I have been measuring voltages at various points and thought to test the zener.
It's a 16v 3W 5%.
It measures 40 ohms in both directions, so it sounds like it's bad.
I have a lot of zeners laying around but not like that so it's on order.
I think that I will try it with one of mine and see what happens.
Well, I have been testing it with a speaker and without a heat sink. Maybe I have been lucky.
Also, when this thing is working properly, what will the output signal look like ?
Could I see it with a multi meter ?
I have been measuring voltages at various points and thought to test the zener.
It's a 16v 3W 5%.
It measures 40 ohms in both directions, so it sounds like it's bad.
I have a lot of zeners laying around but not like that so it's on order.
I think that I will try it with one of mine and see what happens.
Well, I have been testing it with a speaker and without a heat sink. Maybe I have been lucky.
Also, when this thing is working properly, what will the output signal look like ?
Could I see it with a multi meter ?
You could verify DC offset levels on the output at least. Should be <+/-100 mV or thereabouts.
You could also look for two matching electrolytics of at least a few hundred µF at maybe 50 V or greater, connect these back-to-back (the DIY option for making a bipolar cap), and then use that in series with your test speaker.
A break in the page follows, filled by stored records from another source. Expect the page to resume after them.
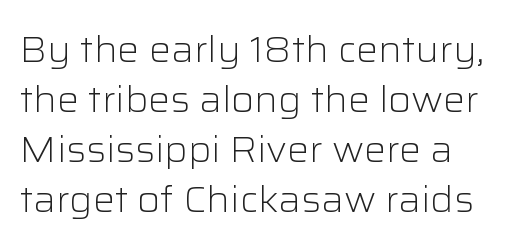
Q: Is the text bold? A: No.
Q: Is the text italic (slanted)? A: No, it is upright.
Q: Is the typeface a serif or a sans-serif typeface? A: Sans-serif.
Q: Is the text underlined? A: No.
Q: How is the paragraph aligned? A: Left-aligned.
Q: Is the spacing between letters normal or unusually wide? A: Normal.
Q: Is the spacing between lines tight, normal or loose? A: Normal.
Q: Width (condensed, normal, or wide)? A: Normal.
Q: Stroke contrast? A: Low.
Q: x-height? A: Medium.
Q: Monospaced? A: No.
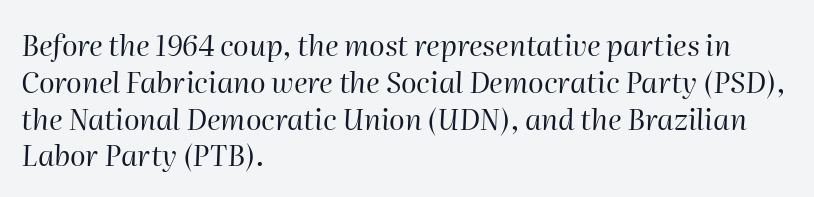
The image shows 29 px regular-weight type, italic (leaning right); set left-aligned, normal line spacing (1.27x), normal letter spacing, not underlined; high stroke contrast and a medium x-height.
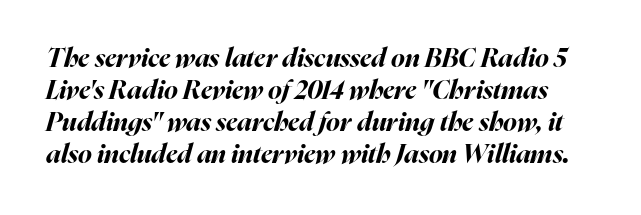
There is no visible air inserted between adjacent glyphs. The strip under each line holds only bare page. Yep, that's italic — everything's leaning. Heft: maximum for text — a bold.
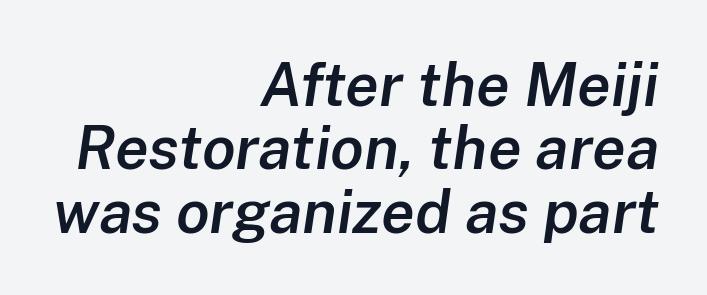
The face used here is rendered with its standard letterfit. Check under the words: just untouched page. Leading: reduced. Where is the straight margin? On the right. A typesetter would call this proportional, since set widths differ per character. How heavy is the stroke? Medium-heavy — a semibold, shy of bold.
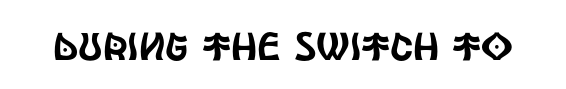
The image shows 39 px condensed sans-serif type, upright; set normal letter spacing, not underlined; a large x-height.

It would be protected even if there is DC on the output.
The zener appears to be in the mute circuit see diagram here A Complete Guide to Design and Build a Hi-Fi LM3886 Amplifier - Circuit Basics
Very lucky if no damage. It's not good to do initial testing of a power amplifier on a speaker.
Always use a dummy load like an 8 ohm power resistor, and a scope to see the output waveform.
A minimal scope is very low cost these days (even less than $100) and is essential. They often
include a built-in basic function generator, like this one.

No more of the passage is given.